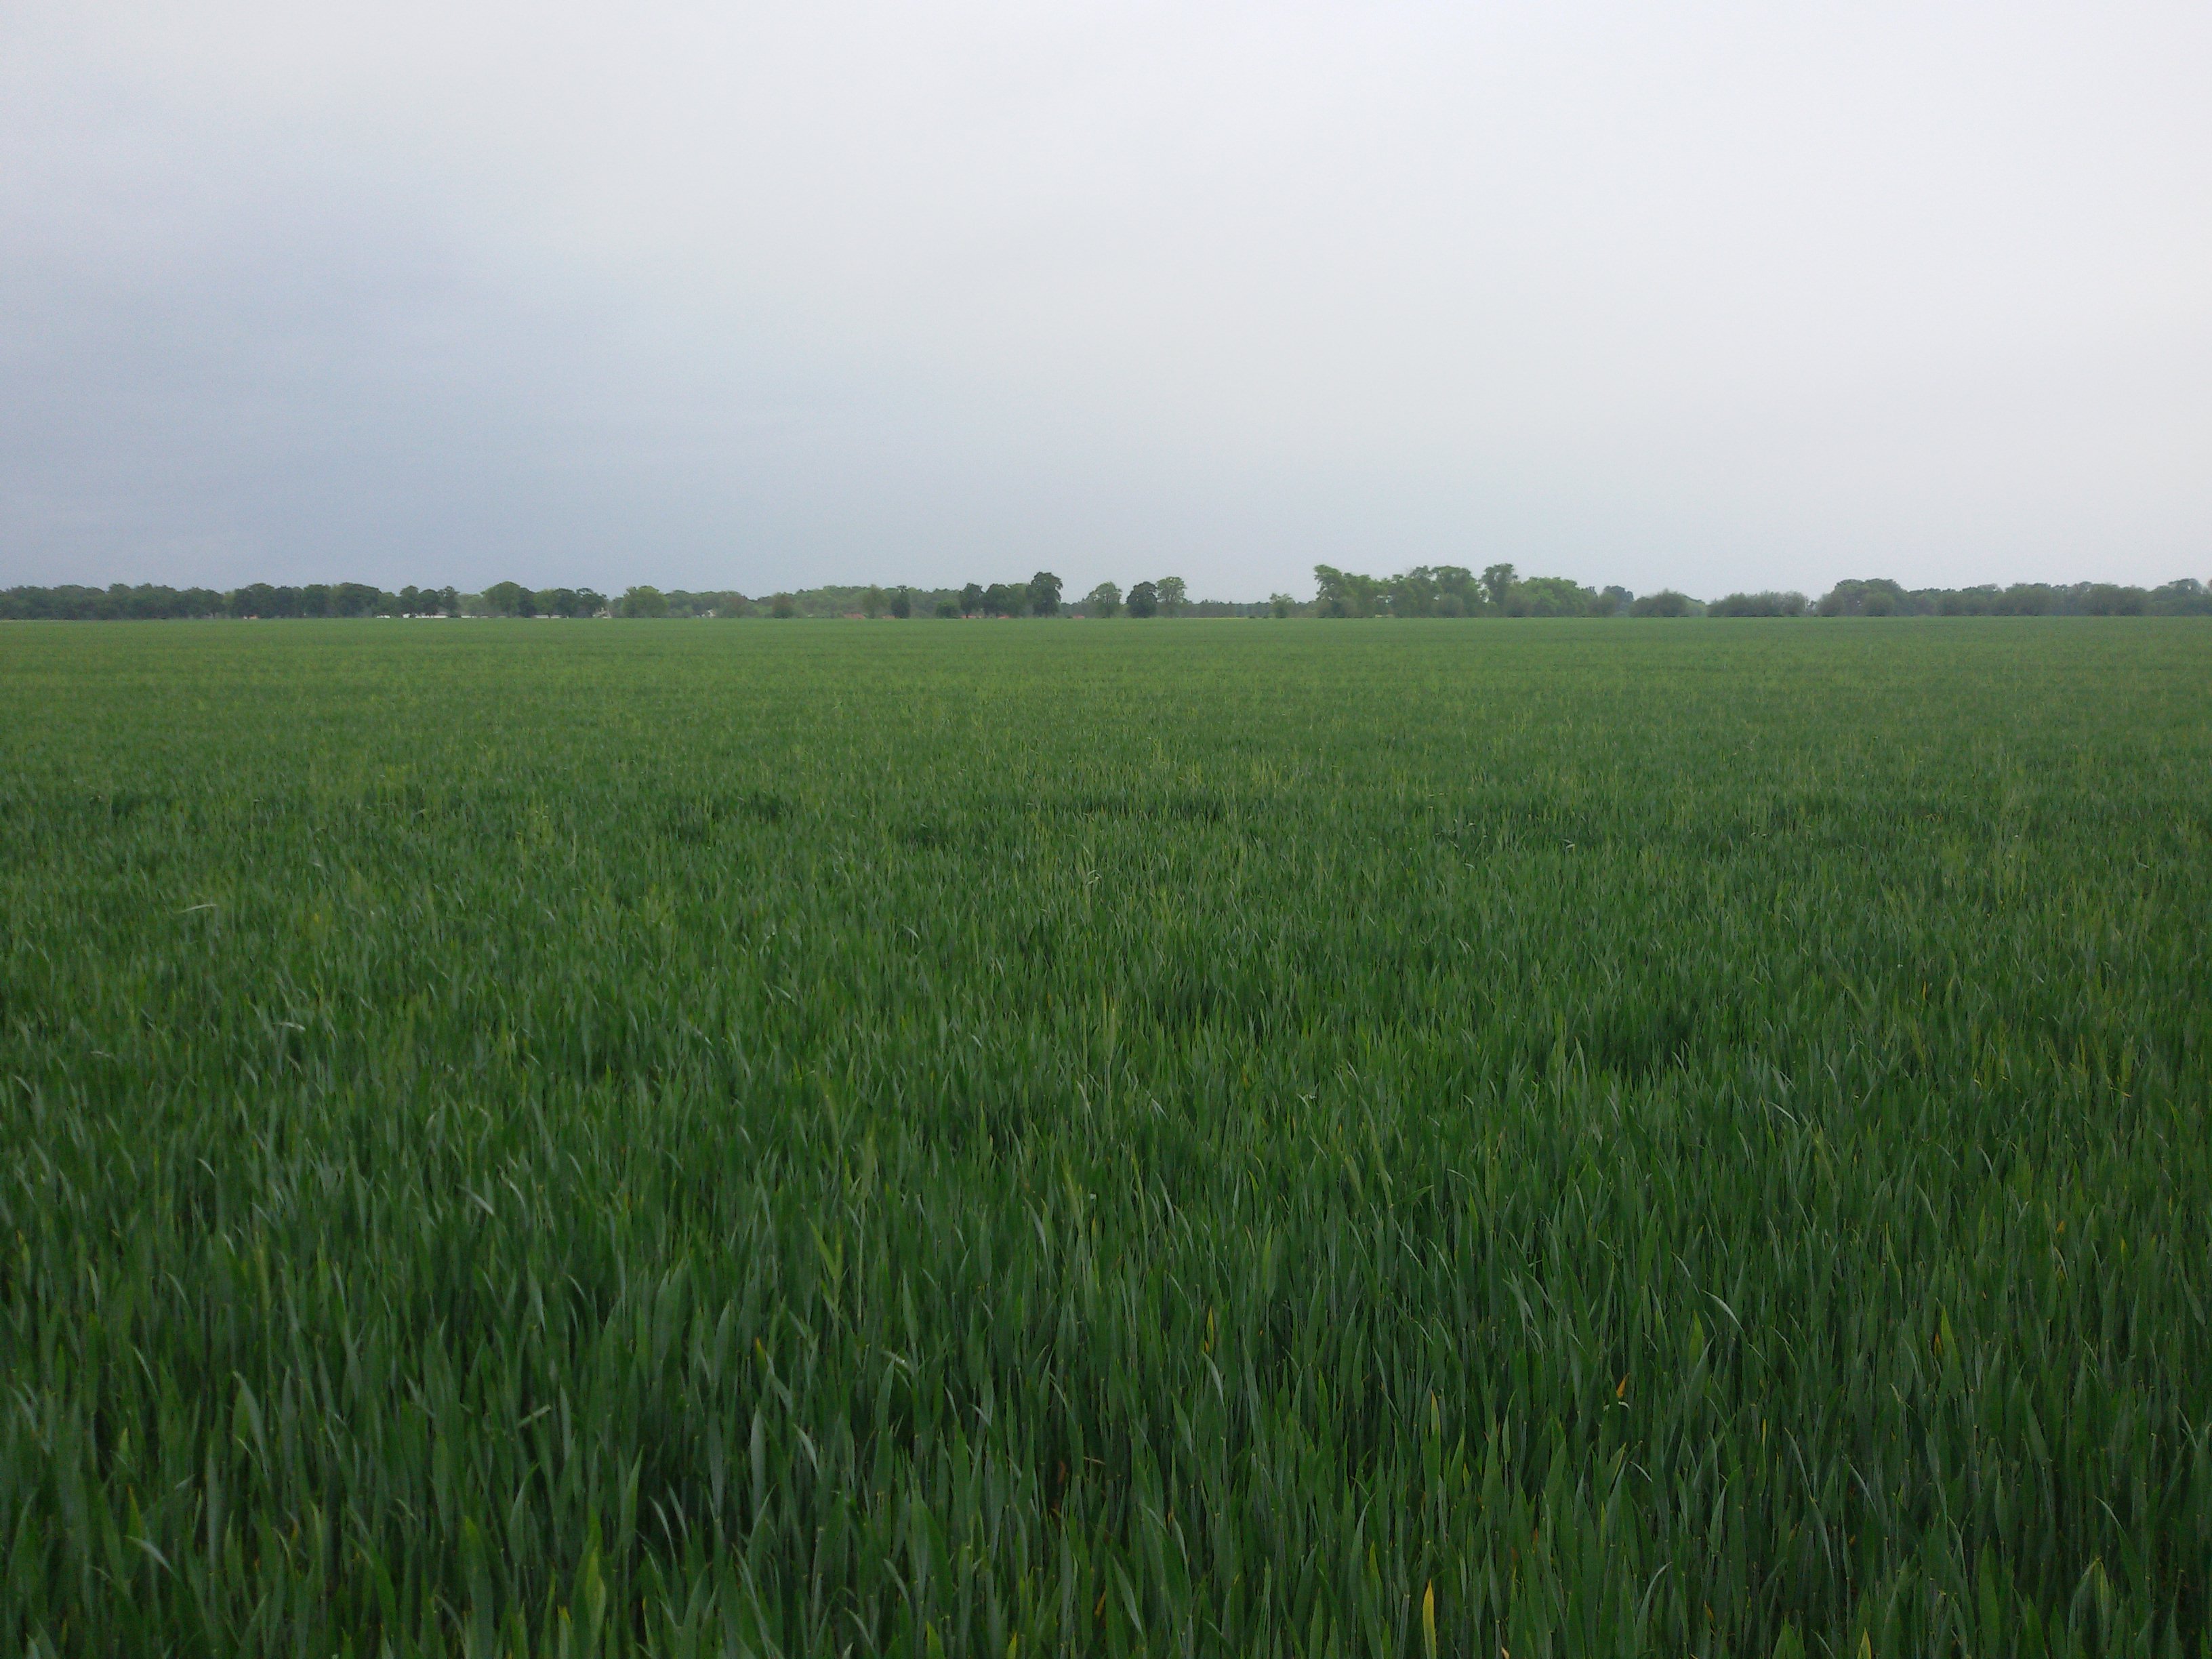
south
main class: Cropland
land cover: Common wheat
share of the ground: > 75 %
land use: Agriculture (excluding fallow land and kitchen gardens)
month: May
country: PL
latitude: 52.1428
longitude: 16.8625

### EXERCISE DIRECTIONS
Output the whole listing without change. Any picture is to be left out.

### ANSWER SPACE
south
main class: Cropland
land cover: Common wheat
share of the ground: > 75 %
land use: Agriculture (excluding fallow land and kitchen gardens)
month: May
country: PL
latitude: 52.1428
longitude: 16.8625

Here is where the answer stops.